Introduction

A substantial fraction of patients (10 to 20%) recovering from COVID-19 (SARS CoV-2) infection experience chronic vexing symptoms [1]. This complication is known as long-COVID or post-COVID-19 condition. According to the World Health Organization clinical case definition, “Post COVID-19 condition occurs in individuals with a history of probable or confirmed SARS CoV-2 infection, usually 3 months from the onset of COVID-19 with symptoms and that last for at least 2 months and cannot be explained by an alternative diagnosis. Common symptoms include fatigue, shortness of breath, cognitive dysfunction but also others and generally have an impact on everyday functioning. Symptoms may be new onset following initial recovery from an acute COVID-19 episode or persist from the initial illness. Symptoms may also fluctuate or relapse over time” [2].
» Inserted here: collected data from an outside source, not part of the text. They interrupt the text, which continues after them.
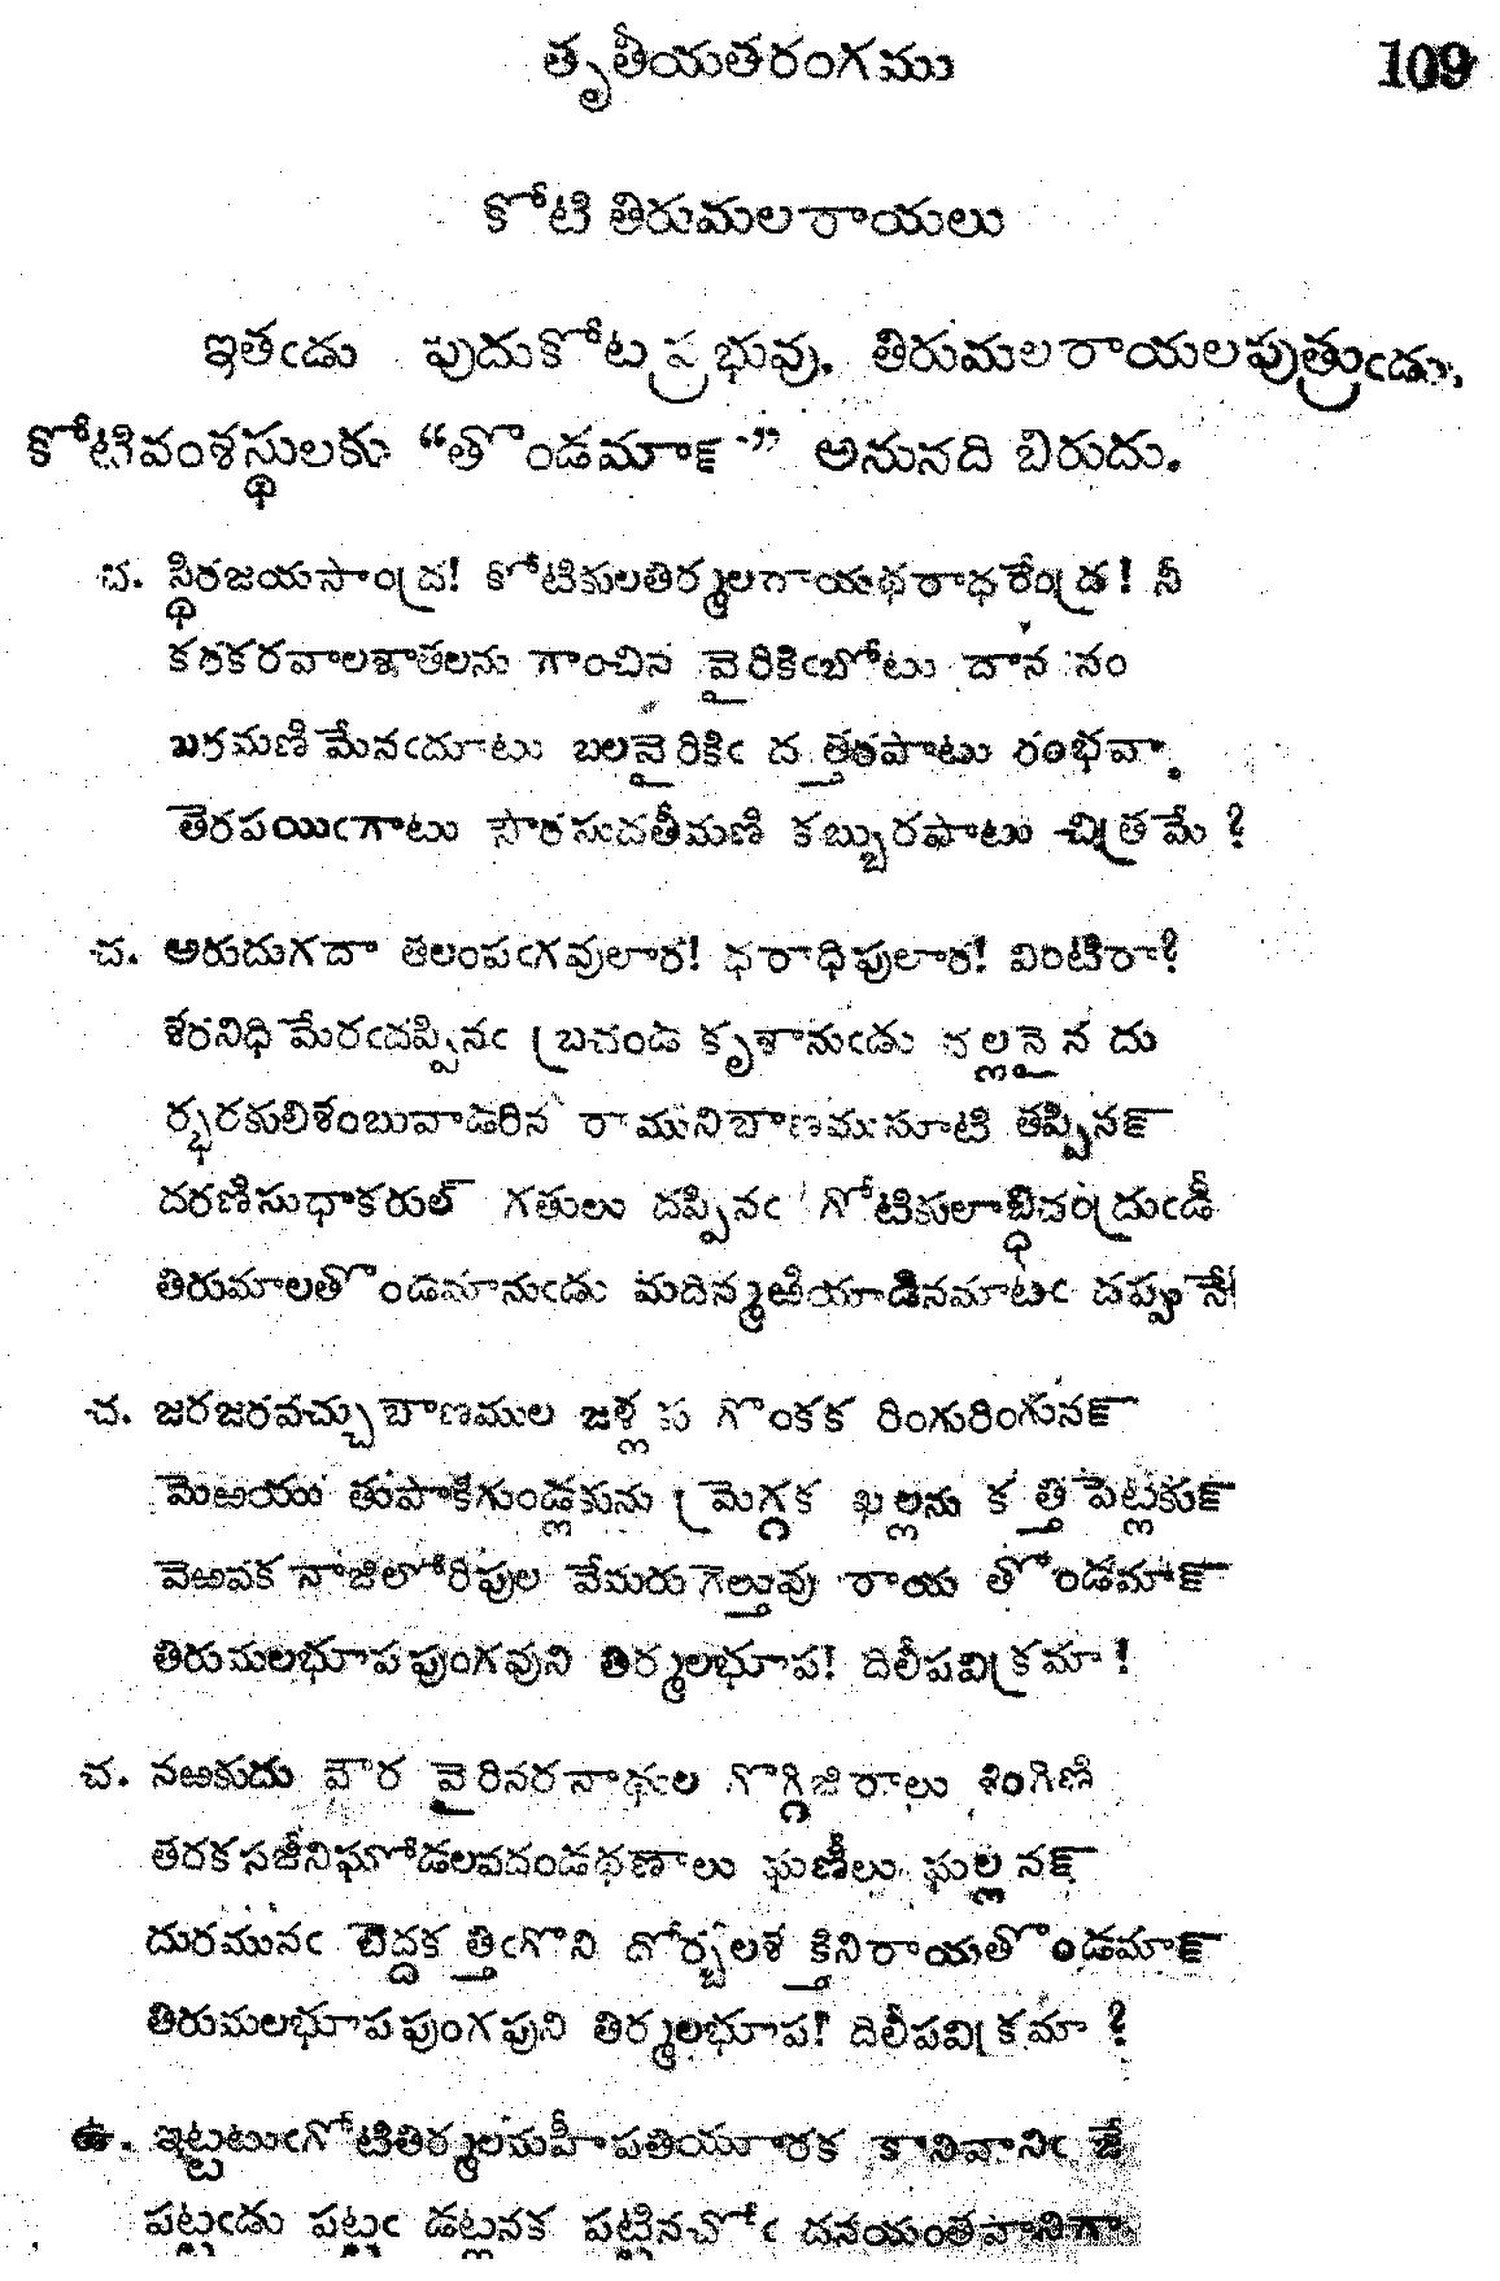ఇతఁడు పుదుకోటప్రభువు. తిరుమలరాయలపుత్రుఁడు. కోటివంశస్థులకు “తొండమాన్” అనునది బిరుదు.

చ. స్థిరజయసాంద్ర! కోటికులతిర్మలరాయధరాధరేంద్ర! నీ
 కరకరవాలశాతలను గాంచిన వైరికిఁబోటు దాన నం
 బరమణిమేనఁదూటు బలవైరికిఁ దత్తరపాటు రంభవా
 తెరపయిఁగాటు సౌరసుదతీమణి కబ్బురపాటు చిత్రమే?

చ. అరుదుగదా తలంపఁ గవులార! ధరాధిపులార! వింటిరా?
 శరనిధిమేరఁదప్పినఁ బ్రచండకృశానుఁడు చల్లనైన దు
 ర్భరకులిశంబువాడరిన రామునిబాణము సూటి తప్పినన్
 దరణిసుధాకరున్ గతులు దప్పినఁ గోటికులాబ్ధిచంద్రుఁడీ
 తిరుమలతొండమానుఁడు మదిన్మఱియాడినమాటఁ దప్పునే!

చ. జరజరవచ్చుబాణముల జళ్ళకు గొంకక రింగురింగునన్
 మెఱయు తుపాకిగుండ్లకును మ్రెగ్గక ఖల్లను కత్తిపెట్లకున్
 వెఱవక నాజిలో రిపుల వేమరు గెల్తువు రాయ తొండమాన్
 తిరుమలభూపపుంగవుని తిర్మలభూప! దిలీపవిక్రమా!

చ. నఱకుదు వౌర వైరినరనాథుల గొగ్గిజిరాలు శింగిణి
 తరకసజీనిఘోడలవదండథణాలు ఘణీలు ఘల్లనన్
 దురమునఁ బెద్దకత్తిఁ గొని దోర్బలశక్తిని రాయతొండమాన్
 తిరుమలభూపపుంగవుని తిర్మలభూప! దిలీపవిక్రమా!

ఉ. ఇట్టటుఁ గోటితిర్మలమహీపతియూరక కానివానిఁ జే
 పట్టఁడు పట్టఁ డట్లనక పట్టినచోఁ దనయంతవానిగా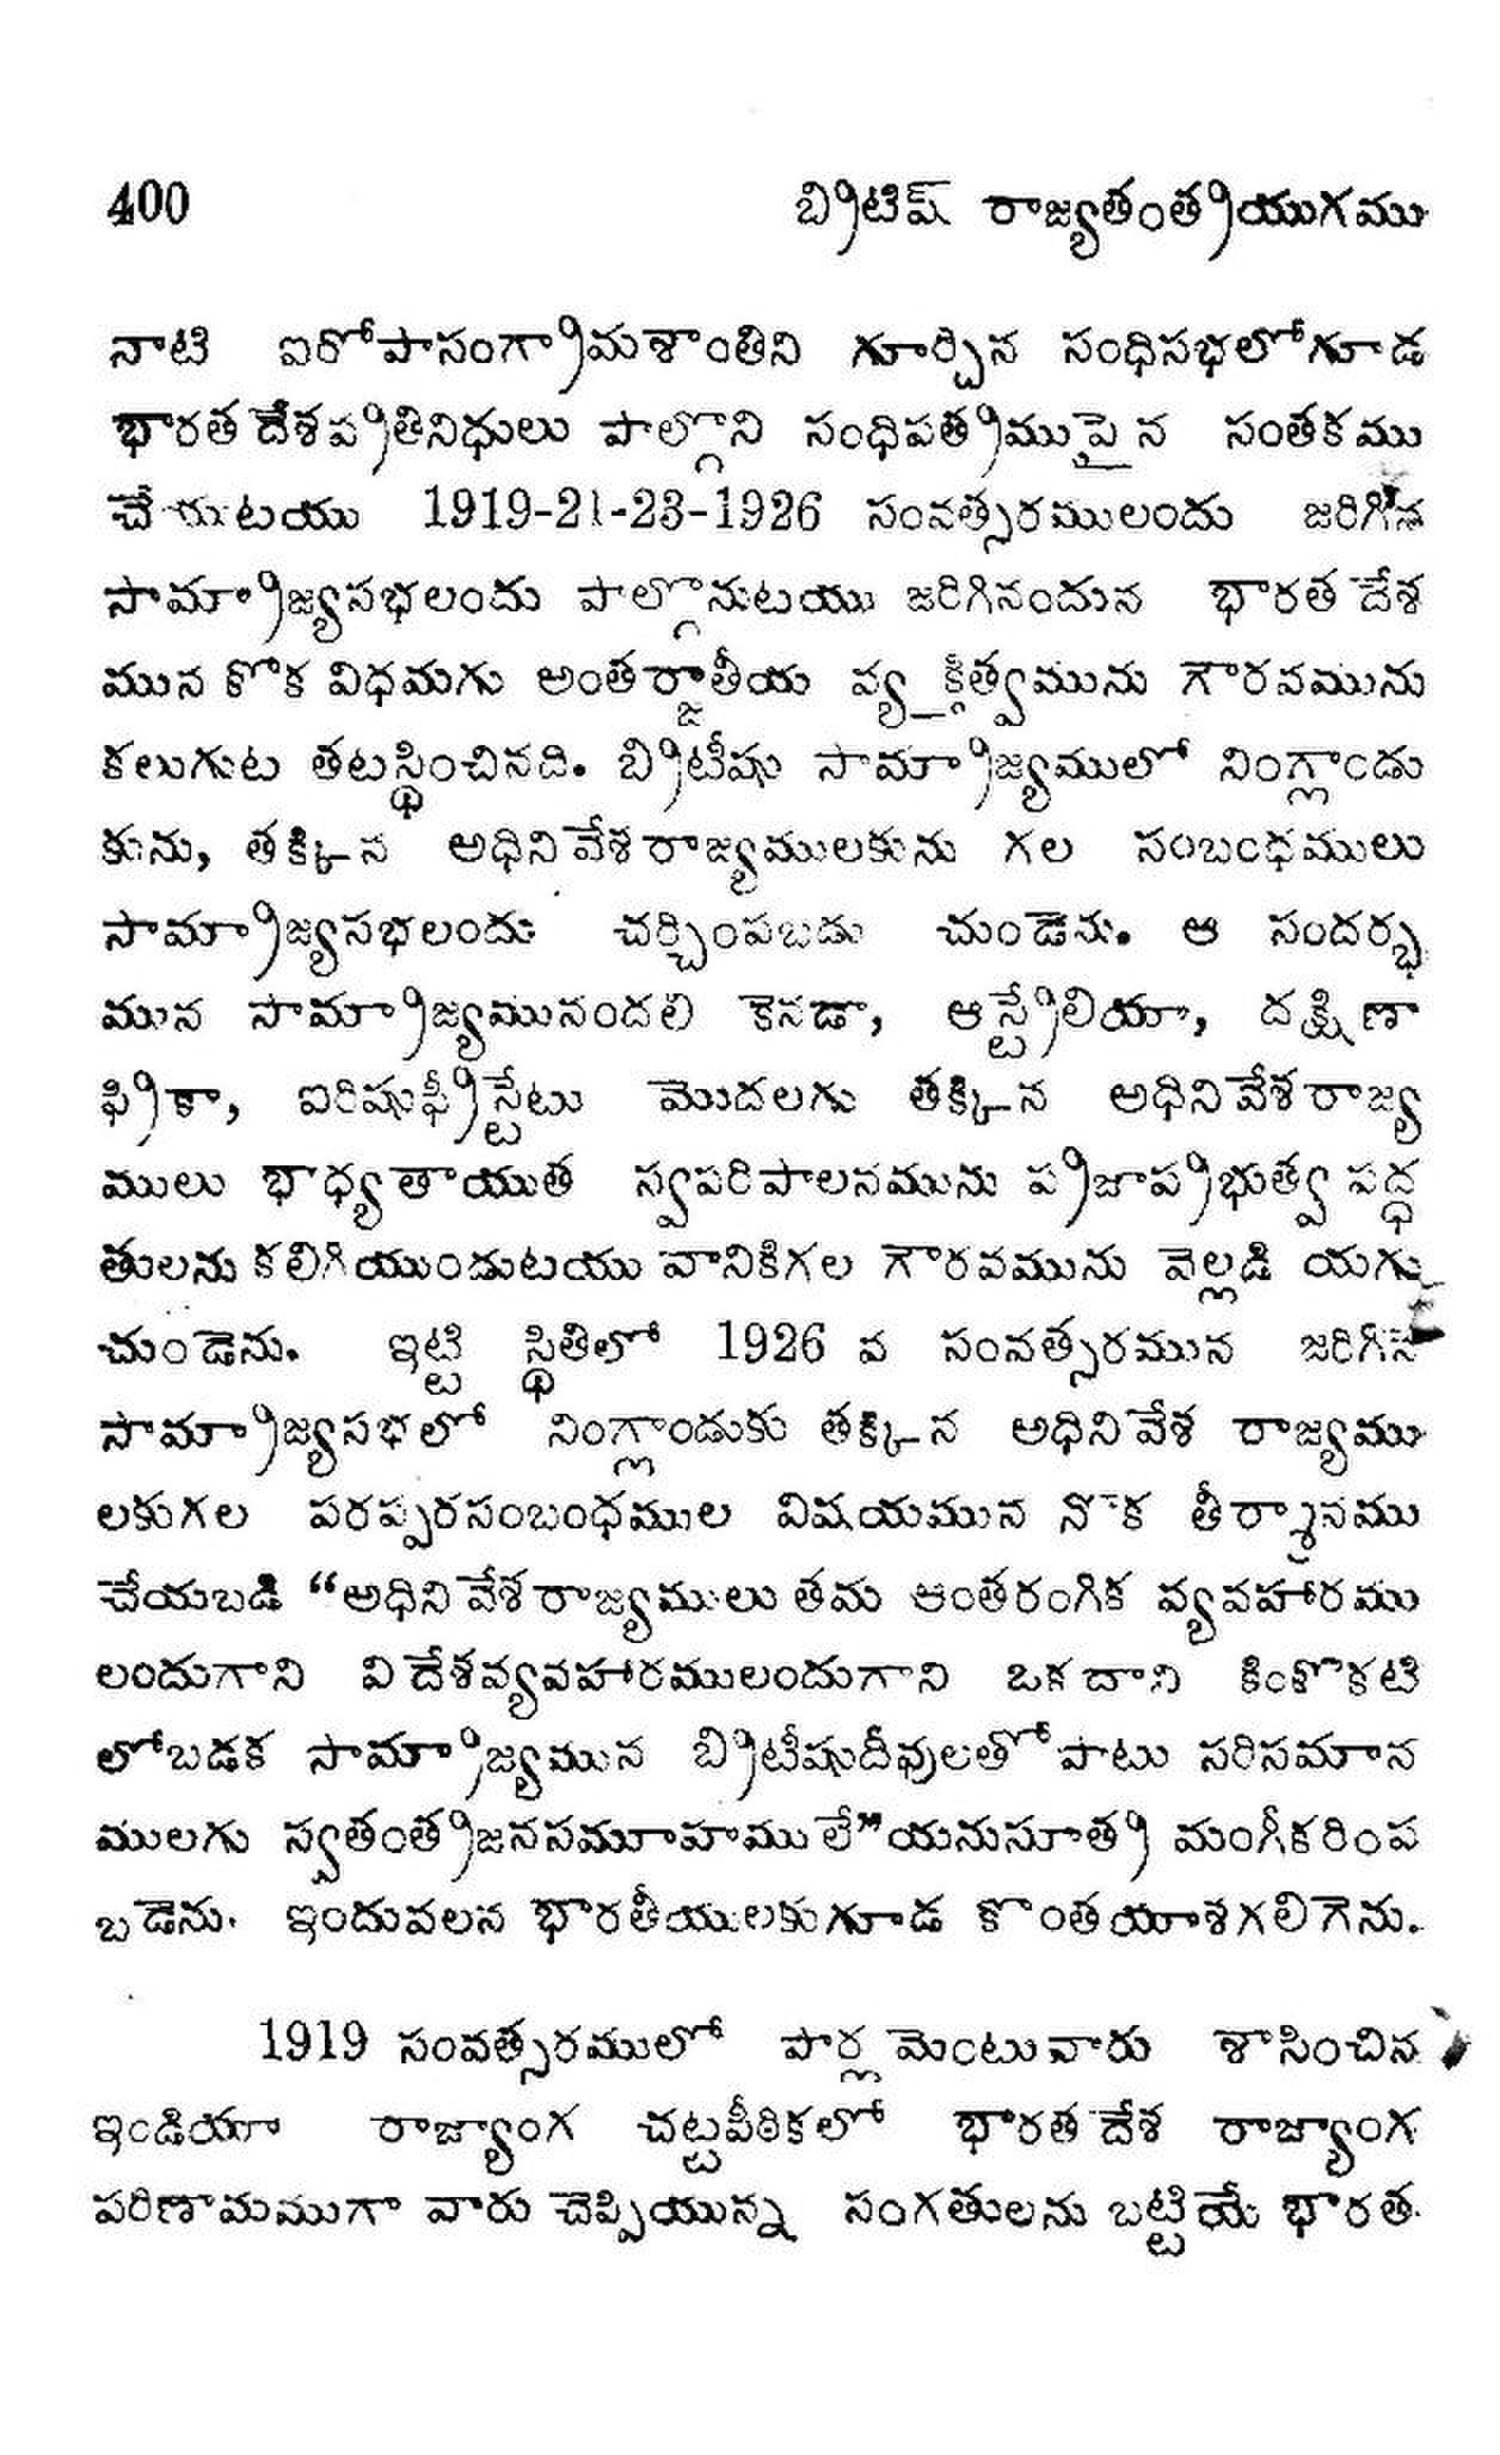నాటి ఐరోపాసంగ్రామశాంతిని గూర్చిన సంధిసభలోగూడ భారతదేశప్రతినిధులు పాల్గొని సంధిపత్రముపైన సంతకము చేయుటయు 1919-21-23-1926 సంవత్సరములందు జరిగిన సామ్రాజ్యసభలందు పాల్గొనుటయు జరిగినందున భారత దేశమున కొక విధమగు అంతర్జాతీయ వ్యక్తిత్వమును గౌరవమును కలుగుట తటస్థించినది. బ్రిటీషు సామ్రాజ్యములో నింగ్లాండుకును, తక్కిన అధినివేశరాజ్యములకును గల సంబంధములు సామ్రాజ్యసభలందు చర్చింపబడు చుండెను. ఆ సందర్భమున సామ్రాజ్యమునందలి కెనడా, ఆస్ట్రేలియా, దక్షిణాఫ్రికా, ఐరిషుఫ్రీస్టేటు మొదలగు తక్కిన అధినివేశరాజ్యములు భాధ్యతాయుత స్వపరిపాలనమును ప్రజాప్రభుత్వ పద్దతులను కలిగి యుండుటయు వానికిగల గౌరవమును వెల్లడి యగుచుండెను. ఇట్టి స్థితిలో 1926 వ సంవత్సరమున జరిగిన సామ్రాజ్యసభలో నింగ్లాండుకు తక్కిన అధినివేశ రాజ్యములకుగల పరస్పరసంబంధముల విషయమున నొక తీర్మానము చేయబడి "అధినవేశరాజ్యములు తమ ఆంతరంగిక వ్యవహారములందుగాని విదేశవ్యవహారములందుగాని ఒకదాని కింకొకటి లోబడక సామ్రాజ్యమున బ్రిటీషుదీవులతోపాటు సరిసమానములగు స్వతంత్రజనసమూహములే"యనుసూత్ర మంగీకరింపబడెను. ఇందువలన భారతీయులకుగూడ కొంతయాశగలిగెను.

1919 సంవత్సరములో పార్లమెంటువారు శాసించిన , ఇండియా రాజ్యాంగ చట్టపీఠికలో భారతదేశ రాజ్యాంగ పరిణామముగా వారు చెప్పియున్న సంగతులను బట్టియే భారత

There is a clear clinical overlap between post-COVID-19 condition, myalgic encephalomyelitis/chronic fatigue syndrome (ME/CFS), and fibromyalgia. Chronic fatigue, cognitive impairment, and widespread pain characterized these syndromes [3,4,5,6,7]; these three illnesses may also share underlying pathogenetic features. An established mechanistic model suggests fibromyalgia as a stress-evoked, sympathetically maintained neuropathic pain syndrome, and puts dorsal root ganglia dysregulation with the ensuing small fiber neuropathy at the epicenter of fibromyalgia pathogenesis [8]. Unfolding research from different groups of investigators hints that similar mechanism may be also occurring in patients with post-COVID-19 condition [9,10,11,12,13,14,15,16].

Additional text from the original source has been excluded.